EXERCISE MATERIALS →
____________________

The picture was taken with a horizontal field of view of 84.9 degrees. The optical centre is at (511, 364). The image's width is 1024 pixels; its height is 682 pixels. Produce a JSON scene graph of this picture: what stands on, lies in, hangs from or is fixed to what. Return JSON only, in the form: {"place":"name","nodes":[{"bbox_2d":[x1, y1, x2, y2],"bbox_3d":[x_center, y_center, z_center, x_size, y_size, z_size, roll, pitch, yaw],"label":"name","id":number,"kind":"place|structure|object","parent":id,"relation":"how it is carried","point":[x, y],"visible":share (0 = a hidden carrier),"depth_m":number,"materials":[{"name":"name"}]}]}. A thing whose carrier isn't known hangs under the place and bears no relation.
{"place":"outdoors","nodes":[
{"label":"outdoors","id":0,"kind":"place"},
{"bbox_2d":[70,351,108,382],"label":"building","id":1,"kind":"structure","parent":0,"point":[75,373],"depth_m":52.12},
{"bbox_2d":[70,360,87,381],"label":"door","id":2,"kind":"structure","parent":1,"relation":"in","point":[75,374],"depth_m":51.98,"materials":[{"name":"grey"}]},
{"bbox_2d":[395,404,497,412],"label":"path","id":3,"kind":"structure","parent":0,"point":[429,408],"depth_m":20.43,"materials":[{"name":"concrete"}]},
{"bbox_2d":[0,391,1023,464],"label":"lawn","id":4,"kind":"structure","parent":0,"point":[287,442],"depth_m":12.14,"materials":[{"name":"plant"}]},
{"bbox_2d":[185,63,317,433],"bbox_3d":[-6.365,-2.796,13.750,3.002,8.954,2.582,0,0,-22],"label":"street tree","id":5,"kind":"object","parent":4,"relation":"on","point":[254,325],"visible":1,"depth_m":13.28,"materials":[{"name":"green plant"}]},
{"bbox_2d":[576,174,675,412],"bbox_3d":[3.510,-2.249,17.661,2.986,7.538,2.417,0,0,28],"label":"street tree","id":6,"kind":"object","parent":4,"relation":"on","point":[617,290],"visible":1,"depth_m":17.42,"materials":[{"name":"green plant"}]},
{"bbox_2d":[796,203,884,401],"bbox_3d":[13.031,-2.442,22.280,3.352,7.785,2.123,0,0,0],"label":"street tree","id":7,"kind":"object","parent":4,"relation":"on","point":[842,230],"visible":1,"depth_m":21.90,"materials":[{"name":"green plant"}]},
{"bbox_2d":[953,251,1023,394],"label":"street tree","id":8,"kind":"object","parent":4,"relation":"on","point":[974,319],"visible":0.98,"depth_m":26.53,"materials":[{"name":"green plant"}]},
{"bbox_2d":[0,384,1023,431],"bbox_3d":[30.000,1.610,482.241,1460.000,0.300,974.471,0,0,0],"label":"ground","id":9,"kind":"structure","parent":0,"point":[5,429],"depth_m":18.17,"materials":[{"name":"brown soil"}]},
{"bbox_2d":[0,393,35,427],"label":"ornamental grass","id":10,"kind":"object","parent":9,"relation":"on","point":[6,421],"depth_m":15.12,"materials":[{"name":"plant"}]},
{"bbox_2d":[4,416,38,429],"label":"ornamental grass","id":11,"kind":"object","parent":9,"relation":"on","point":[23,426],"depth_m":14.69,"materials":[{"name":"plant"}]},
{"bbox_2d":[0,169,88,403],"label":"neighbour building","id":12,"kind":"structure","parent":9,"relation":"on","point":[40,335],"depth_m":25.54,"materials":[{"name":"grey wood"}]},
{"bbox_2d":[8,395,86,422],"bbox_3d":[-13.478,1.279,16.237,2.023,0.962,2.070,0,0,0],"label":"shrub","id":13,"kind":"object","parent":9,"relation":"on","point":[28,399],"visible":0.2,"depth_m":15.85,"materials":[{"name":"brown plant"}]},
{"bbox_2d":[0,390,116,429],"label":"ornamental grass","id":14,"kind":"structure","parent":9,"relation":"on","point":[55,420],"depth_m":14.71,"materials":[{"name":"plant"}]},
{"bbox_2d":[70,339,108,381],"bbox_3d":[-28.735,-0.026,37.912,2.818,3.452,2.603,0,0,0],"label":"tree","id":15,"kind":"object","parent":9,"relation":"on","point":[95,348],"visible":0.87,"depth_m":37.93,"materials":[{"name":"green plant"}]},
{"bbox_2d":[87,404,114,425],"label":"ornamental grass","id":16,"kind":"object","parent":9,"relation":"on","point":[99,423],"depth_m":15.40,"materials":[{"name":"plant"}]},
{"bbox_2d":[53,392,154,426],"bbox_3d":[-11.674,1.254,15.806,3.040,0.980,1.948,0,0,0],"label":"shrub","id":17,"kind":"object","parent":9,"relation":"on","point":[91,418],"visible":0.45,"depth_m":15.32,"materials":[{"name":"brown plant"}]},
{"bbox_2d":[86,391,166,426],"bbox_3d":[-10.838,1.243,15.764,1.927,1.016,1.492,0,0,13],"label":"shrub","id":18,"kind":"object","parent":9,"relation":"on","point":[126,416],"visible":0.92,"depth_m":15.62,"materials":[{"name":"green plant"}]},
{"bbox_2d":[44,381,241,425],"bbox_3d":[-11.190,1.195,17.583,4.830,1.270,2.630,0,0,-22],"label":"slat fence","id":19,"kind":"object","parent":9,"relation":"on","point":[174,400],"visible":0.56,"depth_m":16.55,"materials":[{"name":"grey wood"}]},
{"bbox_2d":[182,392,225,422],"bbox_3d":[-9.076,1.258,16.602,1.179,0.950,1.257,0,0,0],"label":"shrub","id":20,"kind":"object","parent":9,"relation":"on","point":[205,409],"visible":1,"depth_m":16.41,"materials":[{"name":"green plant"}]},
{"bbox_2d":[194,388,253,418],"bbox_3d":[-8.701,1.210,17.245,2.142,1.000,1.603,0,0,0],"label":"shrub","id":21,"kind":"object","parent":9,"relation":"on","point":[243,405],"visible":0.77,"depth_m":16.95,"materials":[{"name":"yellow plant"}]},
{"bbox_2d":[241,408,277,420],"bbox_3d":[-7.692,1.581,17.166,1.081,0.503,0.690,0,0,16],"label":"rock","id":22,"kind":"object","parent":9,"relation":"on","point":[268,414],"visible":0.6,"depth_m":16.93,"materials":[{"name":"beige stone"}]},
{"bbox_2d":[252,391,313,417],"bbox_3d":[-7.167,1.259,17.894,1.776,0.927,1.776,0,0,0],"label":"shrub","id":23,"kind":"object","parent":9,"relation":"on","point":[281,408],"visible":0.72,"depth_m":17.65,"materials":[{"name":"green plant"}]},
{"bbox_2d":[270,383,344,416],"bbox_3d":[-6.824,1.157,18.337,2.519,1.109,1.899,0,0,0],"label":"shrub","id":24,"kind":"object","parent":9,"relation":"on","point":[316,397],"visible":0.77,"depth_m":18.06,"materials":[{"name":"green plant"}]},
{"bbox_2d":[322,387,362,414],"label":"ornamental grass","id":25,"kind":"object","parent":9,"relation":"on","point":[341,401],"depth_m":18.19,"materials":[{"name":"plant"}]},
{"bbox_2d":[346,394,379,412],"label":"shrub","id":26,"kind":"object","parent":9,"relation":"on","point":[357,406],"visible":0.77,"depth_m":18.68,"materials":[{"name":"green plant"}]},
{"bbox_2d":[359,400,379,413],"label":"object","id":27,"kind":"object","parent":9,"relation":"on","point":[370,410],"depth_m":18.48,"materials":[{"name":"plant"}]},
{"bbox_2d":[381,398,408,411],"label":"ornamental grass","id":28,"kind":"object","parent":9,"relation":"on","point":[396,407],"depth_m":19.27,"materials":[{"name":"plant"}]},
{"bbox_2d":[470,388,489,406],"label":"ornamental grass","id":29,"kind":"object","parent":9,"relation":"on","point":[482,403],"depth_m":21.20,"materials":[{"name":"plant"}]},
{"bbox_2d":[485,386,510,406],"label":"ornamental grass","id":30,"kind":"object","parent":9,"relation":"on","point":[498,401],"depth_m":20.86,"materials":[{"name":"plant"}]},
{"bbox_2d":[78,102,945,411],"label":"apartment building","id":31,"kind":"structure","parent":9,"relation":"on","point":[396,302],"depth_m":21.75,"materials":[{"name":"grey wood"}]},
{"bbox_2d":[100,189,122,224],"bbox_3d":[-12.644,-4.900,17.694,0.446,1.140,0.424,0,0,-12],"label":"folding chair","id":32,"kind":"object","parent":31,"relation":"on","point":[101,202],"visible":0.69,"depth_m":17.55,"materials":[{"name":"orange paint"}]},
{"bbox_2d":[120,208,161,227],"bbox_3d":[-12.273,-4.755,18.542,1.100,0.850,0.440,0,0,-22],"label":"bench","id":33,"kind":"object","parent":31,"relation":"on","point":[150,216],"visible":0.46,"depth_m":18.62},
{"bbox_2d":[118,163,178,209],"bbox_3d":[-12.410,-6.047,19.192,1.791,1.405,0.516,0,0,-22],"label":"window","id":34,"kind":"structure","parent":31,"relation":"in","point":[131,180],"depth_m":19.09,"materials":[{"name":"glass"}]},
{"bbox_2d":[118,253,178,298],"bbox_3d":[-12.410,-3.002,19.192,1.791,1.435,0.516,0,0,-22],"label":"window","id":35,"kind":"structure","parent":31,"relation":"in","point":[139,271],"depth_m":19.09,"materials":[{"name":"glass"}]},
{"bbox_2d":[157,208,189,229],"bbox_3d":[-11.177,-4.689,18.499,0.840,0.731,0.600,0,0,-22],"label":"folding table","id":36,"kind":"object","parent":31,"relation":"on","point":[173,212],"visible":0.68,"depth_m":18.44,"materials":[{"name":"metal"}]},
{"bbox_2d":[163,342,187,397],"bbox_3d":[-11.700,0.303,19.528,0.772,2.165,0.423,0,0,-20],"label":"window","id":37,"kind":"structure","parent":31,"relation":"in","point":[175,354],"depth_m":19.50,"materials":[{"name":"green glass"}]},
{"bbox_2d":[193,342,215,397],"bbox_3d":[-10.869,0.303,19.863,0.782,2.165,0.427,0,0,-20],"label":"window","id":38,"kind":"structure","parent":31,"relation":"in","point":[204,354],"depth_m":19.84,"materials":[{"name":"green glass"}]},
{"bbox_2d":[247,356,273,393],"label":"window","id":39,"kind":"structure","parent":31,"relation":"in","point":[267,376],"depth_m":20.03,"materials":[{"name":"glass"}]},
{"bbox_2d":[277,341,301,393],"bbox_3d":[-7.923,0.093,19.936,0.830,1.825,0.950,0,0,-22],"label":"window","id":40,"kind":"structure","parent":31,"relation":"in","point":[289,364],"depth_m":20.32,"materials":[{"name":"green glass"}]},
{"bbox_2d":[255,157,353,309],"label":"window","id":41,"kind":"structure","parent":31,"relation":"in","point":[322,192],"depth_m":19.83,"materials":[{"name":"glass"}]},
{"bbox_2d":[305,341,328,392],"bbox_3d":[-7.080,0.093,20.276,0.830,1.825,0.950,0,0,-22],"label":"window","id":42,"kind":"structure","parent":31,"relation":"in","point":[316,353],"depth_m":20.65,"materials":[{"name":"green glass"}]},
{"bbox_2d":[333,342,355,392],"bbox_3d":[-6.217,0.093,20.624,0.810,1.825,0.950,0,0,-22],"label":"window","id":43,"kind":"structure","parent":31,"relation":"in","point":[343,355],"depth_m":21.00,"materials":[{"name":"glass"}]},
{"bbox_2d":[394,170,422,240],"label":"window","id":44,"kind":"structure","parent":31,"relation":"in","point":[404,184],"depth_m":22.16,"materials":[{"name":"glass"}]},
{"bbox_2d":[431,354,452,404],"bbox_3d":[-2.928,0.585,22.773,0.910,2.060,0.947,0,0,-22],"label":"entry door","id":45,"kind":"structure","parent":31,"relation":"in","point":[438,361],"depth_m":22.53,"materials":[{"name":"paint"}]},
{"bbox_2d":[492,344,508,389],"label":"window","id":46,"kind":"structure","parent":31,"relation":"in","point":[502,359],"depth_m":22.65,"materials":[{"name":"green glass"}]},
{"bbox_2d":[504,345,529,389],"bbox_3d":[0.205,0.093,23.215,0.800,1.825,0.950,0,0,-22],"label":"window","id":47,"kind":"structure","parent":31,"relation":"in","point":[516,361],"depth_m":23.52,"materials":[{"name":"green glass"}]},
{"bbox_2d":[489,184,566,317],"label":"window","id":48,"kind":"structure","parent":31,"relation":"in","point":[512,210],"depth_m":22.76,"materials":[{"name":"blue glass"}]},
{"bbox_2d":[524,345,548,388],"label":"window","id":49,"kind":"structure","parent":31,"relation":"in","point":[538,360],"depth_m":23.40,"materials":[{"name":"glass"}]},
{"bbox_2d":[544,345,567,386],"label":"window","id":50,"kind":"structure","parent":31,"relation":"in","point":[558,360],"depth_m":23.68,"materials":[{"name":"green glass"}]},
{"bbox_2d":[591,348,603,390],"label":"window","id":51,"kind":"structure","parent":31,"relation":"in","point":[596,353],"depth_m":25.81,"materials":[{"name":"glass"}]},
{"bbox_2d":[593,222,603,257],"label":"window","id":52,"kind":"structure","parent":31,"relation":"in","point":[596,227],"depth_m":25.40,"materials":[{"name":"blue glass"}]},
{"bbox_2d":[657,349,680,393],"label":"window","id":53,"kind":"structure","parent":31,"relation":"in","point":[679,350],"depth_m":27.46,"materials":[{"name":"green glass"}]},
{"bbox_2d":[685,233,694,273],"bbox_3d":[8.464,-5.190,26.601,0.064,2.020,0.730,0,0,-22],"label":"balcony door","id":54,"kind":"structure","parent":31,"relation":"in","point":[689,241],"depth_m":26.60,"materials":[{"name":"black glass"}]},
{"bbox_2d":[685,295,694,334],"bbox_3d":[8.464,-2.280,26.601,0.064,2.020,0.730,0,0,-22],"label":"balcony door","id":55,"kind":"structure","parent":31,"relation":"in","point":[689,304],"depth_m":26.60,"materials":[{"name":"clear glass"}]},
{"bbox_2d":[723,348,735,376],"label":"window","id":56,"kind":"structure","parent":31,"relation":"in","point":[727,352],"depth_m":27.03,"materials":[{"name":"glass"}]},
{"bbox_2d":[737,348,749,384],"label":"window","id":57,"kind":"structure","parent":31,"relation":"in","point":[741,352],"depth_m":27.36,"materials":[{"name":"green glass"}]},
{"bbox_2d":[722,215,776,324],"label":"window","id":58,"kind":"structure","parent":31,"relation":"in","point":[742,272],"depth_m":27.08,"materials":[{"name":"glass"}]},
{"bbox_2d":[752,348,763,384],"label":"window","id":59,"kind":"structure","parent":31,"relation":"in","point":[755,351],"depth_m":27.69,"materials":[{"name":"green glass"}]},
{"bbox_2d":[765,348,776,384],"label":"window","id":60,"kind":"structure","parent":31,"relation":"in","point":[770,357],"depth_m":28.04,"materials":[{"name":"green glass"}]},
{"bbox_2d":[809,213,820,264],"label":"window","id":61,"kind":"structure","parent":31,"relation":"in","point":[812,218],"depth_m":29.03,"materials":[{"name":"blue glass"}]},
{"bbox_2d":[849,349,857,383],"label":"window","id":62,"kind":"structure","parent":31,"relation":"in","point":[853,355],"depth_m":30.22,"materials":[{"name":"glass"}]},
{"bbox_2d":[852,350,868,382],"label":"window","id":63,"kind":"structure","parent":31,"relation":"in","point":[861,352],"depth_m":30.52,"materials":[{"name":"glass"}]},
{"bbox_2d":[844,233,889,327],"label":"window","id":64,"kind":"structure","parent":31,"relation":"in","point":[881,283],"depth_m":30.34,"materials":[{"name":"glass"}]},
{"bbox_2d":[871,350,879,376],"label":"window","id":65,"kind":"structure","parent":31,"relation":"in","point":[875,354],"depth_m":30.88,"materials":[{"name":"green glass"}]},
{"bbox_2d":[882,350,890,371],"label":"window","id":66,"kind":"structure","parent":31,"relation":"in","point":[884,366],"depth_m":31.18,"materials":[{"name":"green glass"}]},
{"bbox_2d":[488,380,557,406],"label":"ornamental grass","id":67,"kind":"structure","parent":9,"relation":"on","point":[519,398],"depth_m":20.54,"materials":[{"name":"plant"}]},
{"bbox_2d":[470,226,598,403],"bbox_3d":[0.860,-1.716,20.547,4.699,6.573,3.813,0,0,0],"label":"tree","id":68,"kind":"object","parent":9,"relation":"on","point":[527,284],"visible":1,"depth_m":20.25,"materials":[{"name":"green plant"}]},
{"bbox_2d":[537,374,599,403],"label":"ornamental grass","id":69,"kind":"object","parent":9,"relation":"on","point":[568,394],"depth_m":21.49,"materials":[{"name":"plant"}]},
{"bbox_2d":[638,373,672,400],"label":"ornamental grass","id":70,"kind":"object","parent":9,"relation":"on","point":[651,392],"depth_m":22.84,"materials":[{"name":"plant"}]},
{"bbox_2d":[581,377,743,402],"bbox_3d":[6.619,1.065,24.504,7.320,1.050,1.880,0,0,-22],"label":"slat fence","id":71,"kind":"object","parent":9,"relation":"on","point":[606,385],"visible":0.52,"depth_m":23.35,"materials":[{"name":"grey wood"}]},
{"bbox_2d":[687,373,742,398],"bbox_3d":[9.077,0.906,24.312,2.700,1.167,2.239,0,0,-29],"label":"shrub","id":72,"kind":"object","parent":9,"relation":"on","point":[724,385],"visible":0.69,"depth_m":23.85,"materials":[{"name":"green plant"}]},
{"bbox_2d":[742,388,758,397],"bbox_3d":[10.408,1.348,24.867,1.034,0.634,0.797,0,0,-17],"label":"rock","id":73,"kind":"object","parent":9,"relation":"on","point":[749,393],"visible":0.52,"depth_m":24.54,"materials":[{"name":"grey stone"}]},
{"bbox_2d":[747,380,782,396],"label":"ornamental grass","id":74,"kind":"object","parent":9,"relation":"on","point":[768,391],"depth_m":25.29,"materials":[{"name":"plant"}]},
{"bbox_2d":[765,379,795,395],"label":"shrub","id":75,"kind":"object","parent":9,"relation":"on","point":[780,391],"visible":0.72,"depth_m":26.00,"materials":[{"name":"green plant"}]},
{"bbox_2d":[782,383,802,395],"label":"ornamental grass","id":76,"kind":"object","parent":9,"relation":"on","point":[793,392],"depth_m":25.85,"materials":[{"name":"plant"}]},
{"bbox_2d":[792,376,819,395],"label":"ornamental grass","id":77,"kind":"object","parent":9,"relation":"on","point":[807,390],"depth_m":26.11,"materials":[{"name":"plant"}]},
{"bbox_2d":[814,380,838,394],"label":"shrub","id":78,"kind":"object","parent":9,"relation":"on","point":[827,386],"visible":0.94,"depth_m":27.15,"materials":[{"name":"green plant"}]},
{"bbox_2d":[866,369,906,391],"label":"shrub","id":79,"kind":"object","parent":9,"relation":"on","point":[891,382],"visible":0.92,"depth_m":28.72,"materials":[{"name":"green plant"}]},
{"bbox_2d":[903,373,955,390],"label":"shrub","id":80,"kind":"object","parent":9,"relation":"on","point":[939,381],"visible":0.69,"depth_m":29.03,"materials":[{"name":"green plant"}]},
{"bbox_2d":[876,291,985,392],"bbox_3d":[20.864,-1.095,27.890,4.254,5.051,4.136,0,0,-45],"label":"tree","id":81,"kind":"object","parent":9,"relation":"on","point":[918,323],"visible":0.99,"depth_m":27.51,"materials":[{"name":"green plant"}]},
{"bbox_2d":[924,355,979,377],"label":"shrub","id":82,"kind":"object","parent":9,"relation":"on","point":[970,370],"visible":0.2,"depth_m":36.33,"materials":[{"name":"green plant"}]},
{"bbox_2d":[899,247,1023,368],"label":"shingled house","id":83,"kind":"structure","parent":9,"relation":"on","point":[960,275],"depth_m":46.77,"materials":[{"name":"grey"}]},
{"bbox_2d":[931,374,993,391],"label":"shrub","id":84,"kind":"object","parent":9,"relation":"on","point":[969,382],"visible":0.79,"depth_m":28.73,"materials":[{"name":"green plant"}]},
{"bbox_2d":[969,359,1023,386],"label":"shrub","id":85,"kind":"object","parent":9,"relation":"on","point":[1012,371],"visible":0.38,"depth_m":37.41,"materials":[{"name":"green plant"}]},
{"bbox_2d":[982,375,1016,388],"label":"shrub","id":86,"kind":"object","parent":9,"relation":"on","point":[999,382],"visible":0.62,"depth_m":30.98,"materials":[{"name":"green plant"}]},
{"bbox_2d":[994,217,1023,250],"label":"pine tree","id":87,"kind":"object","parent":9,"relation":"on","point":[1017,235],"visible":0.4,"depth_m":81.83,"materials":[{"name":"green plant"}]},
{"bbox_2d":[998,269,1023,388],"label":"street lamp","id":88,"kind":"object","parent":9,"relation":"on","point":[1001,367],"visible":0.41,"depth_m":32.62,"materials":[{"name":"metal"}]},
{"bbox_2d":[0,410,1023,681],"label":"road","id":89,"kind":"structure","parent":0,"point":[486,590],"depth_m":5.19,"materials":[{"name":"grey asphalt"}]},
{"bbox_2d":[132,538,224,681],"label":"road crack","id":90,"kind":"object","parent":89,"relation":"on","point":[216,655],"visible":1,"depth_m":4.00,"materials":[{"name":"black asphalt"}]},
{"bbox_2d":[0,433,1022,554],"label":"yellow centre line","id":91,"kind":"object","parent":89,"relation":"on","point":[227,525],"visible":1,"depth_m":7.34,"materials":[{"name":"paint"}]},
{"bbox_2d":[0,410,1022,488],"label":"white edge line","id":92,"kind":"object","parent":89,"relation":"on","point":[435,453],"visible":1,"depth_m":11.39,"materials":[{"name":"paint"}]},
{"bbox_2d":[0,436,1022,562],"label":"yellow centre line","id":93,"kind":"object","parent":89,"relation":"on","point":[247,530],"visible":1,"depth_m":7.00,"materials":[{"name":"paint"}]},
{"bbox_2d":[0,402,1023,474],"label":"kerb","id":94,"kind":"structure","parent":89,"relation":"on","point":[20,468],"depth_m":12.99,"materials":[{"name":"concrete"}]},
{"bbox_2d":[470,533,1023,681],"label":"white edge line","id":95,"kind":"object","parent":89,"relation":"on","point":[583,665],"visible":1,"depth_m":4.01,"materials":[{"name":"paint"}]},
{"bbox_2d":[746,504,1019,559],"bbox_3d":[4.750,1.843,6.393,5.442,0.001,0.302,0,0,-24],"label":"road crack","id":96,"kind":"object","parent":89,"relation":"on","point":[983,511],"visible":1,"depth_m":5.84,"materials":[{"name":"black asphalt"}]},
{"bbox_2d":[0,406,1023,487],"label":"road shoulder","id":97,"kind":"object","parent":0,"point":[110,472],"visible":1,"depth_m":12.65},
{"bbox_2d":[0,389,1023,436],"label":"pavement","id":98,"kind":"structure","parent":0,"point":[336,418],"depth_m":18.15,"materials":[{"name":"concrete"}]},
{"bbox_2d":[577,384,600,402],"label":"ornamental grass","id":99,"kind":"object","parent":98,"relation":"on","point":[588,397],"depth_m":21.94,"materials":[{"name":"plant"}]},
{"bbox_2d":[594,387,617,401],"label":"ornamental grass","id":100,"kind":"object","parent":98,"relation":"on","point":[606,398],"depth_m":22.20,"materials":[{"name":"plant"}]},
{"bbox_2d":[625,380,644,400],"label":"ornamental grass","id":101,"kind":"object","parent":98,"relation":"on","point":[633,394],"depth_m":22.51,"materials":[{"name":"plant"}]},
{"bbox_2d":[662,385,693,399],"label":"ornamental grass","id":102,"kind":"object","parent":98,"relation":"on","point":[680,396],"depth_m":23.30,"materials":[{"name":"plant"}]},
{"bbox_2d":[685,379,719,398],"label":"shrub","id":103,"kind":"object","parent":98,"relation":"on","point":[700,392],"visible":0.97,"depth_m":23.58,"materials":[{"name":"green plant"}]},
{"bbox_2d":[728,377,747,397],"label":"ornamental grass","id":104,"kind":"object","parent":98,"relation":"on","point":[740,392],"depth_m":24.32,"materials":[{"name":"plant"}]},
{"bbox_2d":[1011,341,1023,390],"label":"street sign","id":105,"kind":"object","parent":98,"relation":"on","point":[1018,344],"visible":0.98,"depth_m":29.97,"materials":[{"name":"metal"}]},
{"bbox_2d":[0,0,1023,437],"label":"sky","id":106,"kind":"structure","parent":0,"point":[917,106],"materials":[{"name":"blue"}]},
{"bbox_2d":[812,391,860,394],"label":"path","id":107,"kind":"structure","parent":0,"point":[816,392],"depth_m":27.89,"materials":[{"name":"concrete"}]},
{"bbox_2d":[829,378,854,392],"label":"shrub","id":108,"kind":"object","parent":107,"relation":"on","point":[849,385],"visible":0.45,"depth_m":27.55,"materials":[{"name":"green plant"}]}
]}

____________________

Provide only the number of lines in the listing above that contain "fence".

OUTPUT BELOW →
2